Topology came into being in19th century. It was divided into two branches. One is point set topology, which is produced on the basis of set theory for the needs of basic work. The second is combinatorial topology, which is produced for the need of geometry research. The former evolved into a general topology. The latter evolved into algebraic topology and geometric topology. Differential topology came into being in the 20th century.

Surface model with genus 1

The original topological theorem is "Solution of the Seven Bridges in Konigsberg" published by L. Euler in 1736, which gives the necessary and sufficient conditions for the network to be connected. In 1750, he gave euler theorem's assertion that the number of vertices a0, the number of edges a 1 and the number of faces a2 of a polyhedron which is homeomorphic to a two-dimensional spherical surface S2 (that is, it can be continuously transformed into S2) satisfy A0-A 1+A2 = 2, which is the Euler characteristic of S2. There are only five kinds of convex regular polyhedra that can be proved: regular tetrahedron, regular octahedron, regular dodecahedron, regular hexahedron and regular icosahedron. It plays an important role in the classification of closed surfaces and the proof of four-color problems. After Euler, around 1833, C.F. Gauss studied all kinds of knots in space (that is, knotted non-self-closing curves) to see if knots could be opened. Whether two knots can deform each other is an equivalent classification of knots. Gauss gives the number of cycles of a closed curve, which is one of the basic tools for the study of kink theory. Are the research results of the embryonic stage of topology.

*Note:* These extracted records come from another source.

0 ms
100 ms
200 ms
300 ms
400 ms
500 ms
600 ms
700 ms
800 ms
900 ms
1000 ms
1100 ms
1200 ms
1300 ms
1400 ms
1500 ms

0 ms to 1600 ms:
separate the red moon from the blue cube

1895 B. Riemann put forward the concept of Riemann surface. When he was studying complex variable functions, he began to systematically study the topological properties of surfaces. The classification problem of directed closed surfaces is solved, and the precise definition of n-dimensional manifold is given.

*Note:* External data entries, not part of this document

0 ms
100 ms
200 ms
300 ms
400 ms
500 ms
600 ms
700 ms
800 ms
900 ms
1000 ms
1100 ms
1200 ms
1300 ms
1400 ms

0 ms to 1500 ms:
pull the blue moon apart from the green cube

J.-H. Poincare is recognized as the founder of combinatorial topology. 1895 published several papers entitled "On Location Geometry", which was the beginning of the study of topological space algebra.

Another branch of topology, point set topology, originated from the basic work of mathematical analysis and the generation of functional analysis. At the end of 19, G. Cantor established set theory, further defined open set, closed set and derived set of Euclidean space, and obtained important results of topological structure of Euclidean space. The rise of functional analysis later promoted the study of point set as space.

Differential topology originated from Poincare conjecture, and began to form an independent branch of mathematics after H. Whitney published the embedding theorem in 1936.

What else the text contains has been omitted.